Regarding motif complexity, computing and storing higher-order motifs incur additional complexity, which scales with respect to the number of relations. For instance, to compute k-path motifs, we would need a computation complexity of without using sparse matrix multiplications. We include our detailed explanation again in App. H.
- “Q4: Is there an upper bound to adding motifs that start to deteriorate the performance?”
Theoretically, adding motifs that can not be mapped via a core-onto homomorphism to an existing one will provably be more expressive. Empirically, whether such additions lead to performance improvements or deterioration depends significantly on the dataset and specific task characteristics. Intuitively, introducing an excessive number of motifs could reduce the signal-to-noise ratio in the constructed relation hypergraphs, potentially deteriorating the model's performance.
“Other Strengths And Weaknesses. … I would like to understand the flexibility of incorporating the framework into existing KGs.”
Our framework is flexible and has been tested on 54 KGs from various domains and task settings, as shown in the experimental section.
“Other Comments. ...minor typos ...”
We will modify this in the updated manuscripts.
Thank you for addressing my questions and concerns. I will maintain my recommendation.
The paper delves into the expressiveness of Knowledge Graph Foundation Models (KGFMs) and proposes a novel framework called MOTIF to enhance their expressive power by utilizing richer motifs beyond binary interactions. The authors rigorously establish the theoretical underpinnings of their proposed framework and empirically validate their claims through extensive experimentation, demonstrating the framework's effectiveness in capturing complex relational structures and its superiority over existing models like ULTRA.
The idea to introduce higher order motifs to improve the expressiveness of KGFMs makes sense to me. I have similar concerns about the additional computing cost as Reviewer EEM2, which has been addressed by the authors in the response.

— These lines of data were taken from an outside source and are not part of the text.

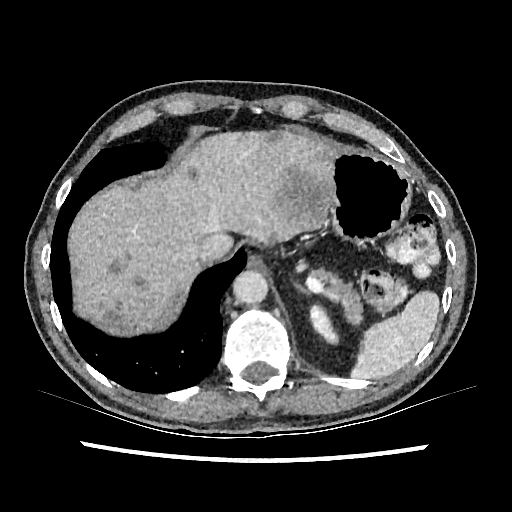

CT scan slice | Abdomen
Liver = (x1=73, y1=131, x2=333, y2=323).
Kidney = (x1=311, y1=306, x2=334, y2=340).
Liver lesion = (x1=234, y1=133, x2=251, y2=148), (x1=133, y1=275, x2=148, y2=290), (x1=321, y1=149, x2=330, y2=161), (x1=268, y1=232, x2=278, y2=241), (x1=101, y1=289, x2=186, y2=332), (x1=106, y1=250, x2=132, y2=275), (x1=261, y1=132, x2=281, y2=145), (x1=274, y1=165, x2=331, y2=227), (x1=187, y1=166, x2=199, y2=180).
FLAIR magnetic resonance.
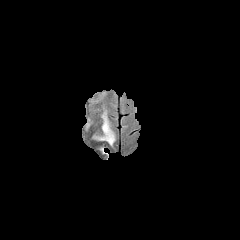
T1-weighted MRI.
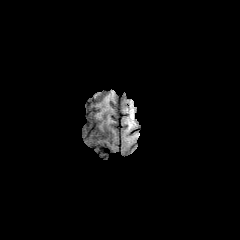
Post-contrast T1-weighted MRI.
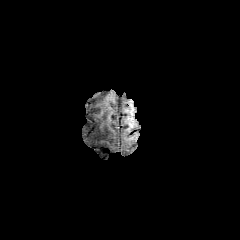
T2-weighted MR.
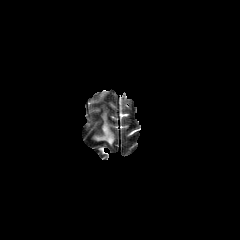
240x240, Head
edema: region(93, 111, 115, 145)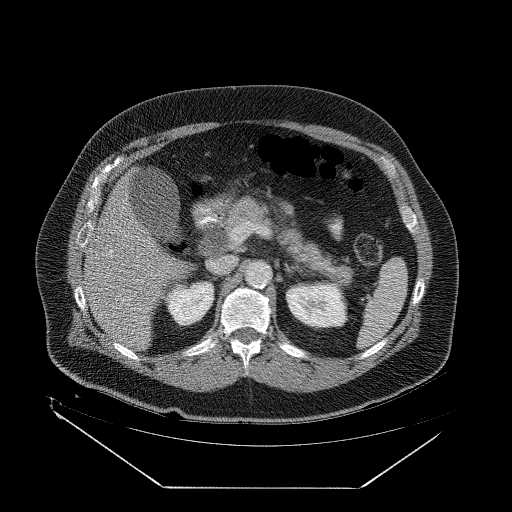

Abdomen | CT slice
Pancreas = x1=224, y1=196, x2=356, y2=287.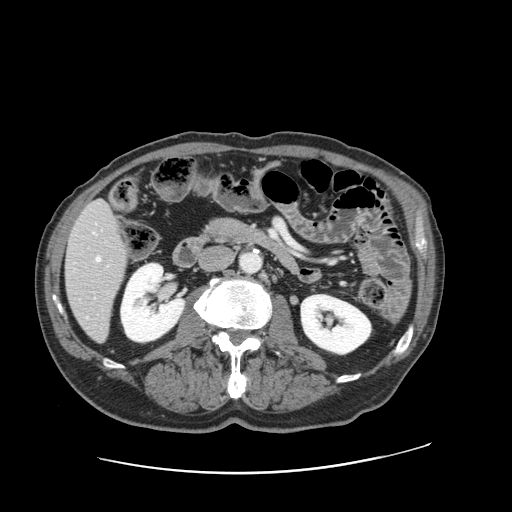 CT image; 512x512 px
The vessel annotation is not exhaustive.
2 hepatic vessel regions are bounded by (left=96, top=257, right=100, bottom=260), (left=93, top=232, right=94, bottom=233).
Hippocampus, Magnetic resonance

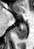 {"posterior_hippocampus": ["<bbox>15, 24, 27, 39</bbox>"]}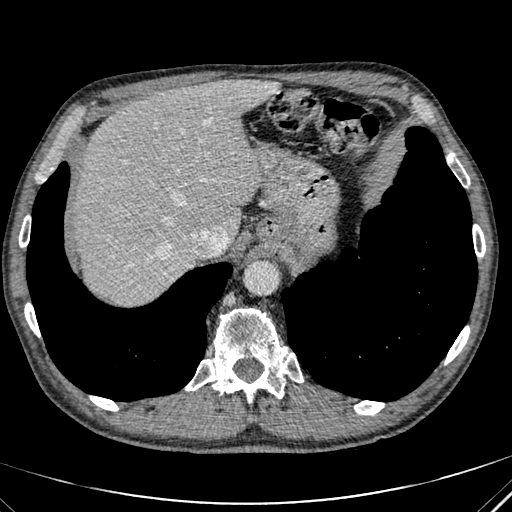

CT image
Annotated regions:
* liver: 76,80,278,304

The authors addresses potential concerns in the rebuttals regarding the comparison with concurrent work, TRIX, clarifying that while TRIX is a relevant and contemporaneous work, it is not mandatory to directly compare with it given the ICML policy on concurrent work.
The authors also addressed the reviewers' concerns by providing detailed responses and revisions to the manuscript, addressing issues such as the framework's scalability, the practicality of the proposed method, and the necessity for more intuitive explanations and examples.